(Source data)
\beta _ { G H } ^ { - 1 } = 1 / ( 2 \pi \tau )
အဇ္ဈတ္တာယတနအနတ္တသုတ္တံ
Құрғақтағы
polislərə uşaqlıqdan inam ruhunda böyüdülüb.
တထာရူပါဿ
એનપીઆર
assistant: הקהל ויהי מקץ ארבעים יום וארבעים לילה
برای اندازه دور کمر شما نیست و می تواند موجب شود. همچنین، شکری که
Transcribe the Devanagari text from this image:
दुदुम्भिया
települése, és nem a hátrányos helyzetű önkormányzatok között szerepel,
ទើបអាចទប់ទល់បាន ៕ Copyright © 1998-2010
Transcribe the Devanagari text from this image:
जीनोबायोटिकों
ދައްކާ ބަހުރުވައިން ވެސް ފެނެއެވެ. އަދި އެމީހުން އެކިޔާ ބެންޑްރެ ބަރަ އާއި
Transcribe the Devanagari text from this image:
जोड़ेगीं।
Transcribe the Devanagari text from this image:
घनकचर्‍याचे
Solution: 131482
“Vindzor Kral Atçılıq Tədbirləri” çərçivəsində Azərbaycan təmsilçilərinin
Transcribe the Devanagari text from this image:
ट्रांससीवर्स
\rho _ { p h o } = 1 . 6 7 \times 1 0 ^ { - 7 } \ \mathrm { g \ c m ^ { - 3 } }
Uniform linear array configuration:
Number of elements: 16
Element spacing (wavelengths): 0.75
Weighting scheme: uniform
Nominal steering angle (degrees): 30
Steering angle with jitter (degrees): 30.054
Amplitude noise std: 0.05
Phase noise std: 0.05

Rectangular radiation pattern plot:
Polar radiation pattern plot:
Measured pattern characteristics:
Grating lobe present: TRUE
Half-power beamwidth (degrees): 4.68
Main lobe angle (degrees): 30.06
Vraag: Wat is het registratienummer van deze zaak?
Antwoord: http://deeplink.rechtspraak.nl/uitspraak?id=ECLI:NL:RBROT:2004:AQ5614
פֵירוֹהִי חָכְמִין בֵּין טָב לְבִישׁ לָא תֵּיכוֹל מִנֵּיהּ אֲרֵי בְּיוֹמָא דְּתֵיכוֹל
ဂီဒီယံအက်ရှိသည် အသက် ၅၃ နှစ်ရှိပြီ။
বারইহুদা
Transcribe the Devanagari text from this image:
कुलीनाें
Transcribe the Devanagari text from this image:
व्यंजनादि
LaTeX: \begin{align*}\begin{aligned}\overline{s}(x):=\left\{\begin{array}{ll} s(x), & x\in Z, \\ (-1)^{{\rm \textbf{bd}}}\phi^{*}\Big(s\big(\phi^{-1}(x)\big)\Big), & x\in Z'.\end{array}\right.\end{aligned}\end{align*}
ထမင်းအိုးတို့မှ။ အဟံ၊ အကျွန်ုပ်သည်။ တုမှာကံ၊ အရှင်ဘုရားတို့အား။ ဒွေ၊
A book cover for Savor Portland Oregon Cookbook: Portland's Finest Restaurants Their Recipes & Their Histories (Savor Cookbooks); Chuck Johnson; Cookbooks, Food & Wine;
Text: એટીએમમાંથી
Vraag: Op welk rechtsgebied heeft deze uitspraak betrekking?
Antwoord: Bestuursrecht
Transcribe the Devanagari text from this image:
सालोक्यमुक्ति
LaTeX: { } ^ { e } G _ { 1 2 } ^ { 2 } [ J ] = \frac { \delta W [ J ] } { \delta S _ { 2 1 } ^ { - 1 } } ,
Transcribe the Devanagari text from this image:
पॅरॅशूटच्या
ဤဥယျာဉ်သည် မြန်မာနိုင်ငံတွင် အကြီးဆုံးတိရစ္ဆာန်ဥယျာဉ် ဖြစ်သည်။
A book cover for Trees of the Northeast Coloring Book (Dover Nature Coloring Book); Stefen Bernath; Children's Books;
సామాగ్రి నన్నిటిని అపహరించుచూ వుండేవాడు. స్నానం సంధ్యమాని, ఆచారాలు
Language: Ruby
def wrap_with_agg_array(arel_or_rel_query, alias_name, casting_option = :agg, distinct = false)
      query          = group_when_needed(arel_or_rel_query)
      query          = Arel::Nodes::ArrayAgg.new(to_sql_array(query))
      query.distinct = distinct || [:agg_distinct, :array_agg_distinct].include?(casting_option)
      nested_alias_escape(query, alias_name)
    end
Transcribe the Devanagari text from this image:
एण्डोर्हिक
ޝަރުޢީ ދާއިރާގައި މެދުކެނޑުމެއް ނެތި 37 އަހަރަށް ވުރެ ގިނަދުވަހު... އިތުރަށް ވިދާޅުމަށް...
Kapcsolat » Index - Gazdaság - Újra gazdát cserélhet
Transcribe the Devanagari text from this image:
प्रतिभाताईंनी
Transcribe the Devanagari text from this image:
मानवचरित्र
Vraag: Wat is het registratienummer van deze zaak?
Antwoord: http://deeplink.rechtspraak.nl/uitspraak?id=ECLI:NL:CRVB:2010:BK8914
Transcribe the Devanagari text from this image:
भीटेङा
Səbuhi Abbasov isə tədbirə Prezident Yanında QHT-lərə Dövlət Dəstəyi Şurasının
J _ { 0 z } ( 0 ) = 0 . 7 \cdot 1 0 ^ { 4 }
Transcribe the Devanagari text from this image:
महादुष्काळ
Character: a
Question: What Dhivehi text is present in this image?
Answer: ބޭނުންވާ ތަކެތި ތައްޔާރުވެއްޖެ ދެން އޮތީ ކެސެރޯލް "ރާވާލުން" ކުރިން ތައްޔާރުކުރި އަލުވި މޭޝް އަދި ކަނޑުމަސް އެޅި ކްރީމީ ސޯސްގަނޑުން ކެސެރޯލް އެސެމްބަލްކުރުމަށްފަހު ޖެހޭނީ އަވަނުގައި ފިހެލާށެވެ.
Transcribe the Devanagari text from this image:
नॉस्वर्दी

Task: As the answer, set down only the lines from the data above between the one holding "assistant: הקהל ויהי" and the one holding "Element spacing (wavelengths): 0.75", inclusive, exactly as they read.

Exercise result:
assistant: הקהל ויהי מקץ ארבעים יום וארבעים לילה
برای اندازه دور کمر شما نیست و می تواند موجب شود. همچنین، شکری که
Transcribe the Devanagari text from this image:
दुदुम्भिया
települése, és nem a hátrányos helyzetű önkormányzatok között szerepel,
ទើបអាចទប់ទល់បាន ៕ Copyright © 1998-2010
Transcribe the Devanagari text from this image:
जीनोबायोटिकों
ދައްކާ ބަހުރުވައިން ވެސް ފެނެއެވެ. އަދި އެމީހުން އެކިޔާ ބެންޑްރެ ބަރަ އާއި
Transcribe the Devanagari text from this image:
जोड़ेगीं।
Transcribe the Devanagari text from this image:
घनकचर्‍याचे
Solution: 131482
“Vindzor Kral Atçılıq Tədbirləri” çərçivəsində Azərbaycan təmsilçilərinin
Transcribe the Devanagari text from this image:
ट्रांससीवर्स
\rho _ { p h o } = 1 . 6 7 \times 1 0 ^ { - 7 } \ \mathrm { g \ c m ^ { - 3 } }
Uniform linear array configuration:
Number of elements: 16
Element spacing (wavelengths): 0.75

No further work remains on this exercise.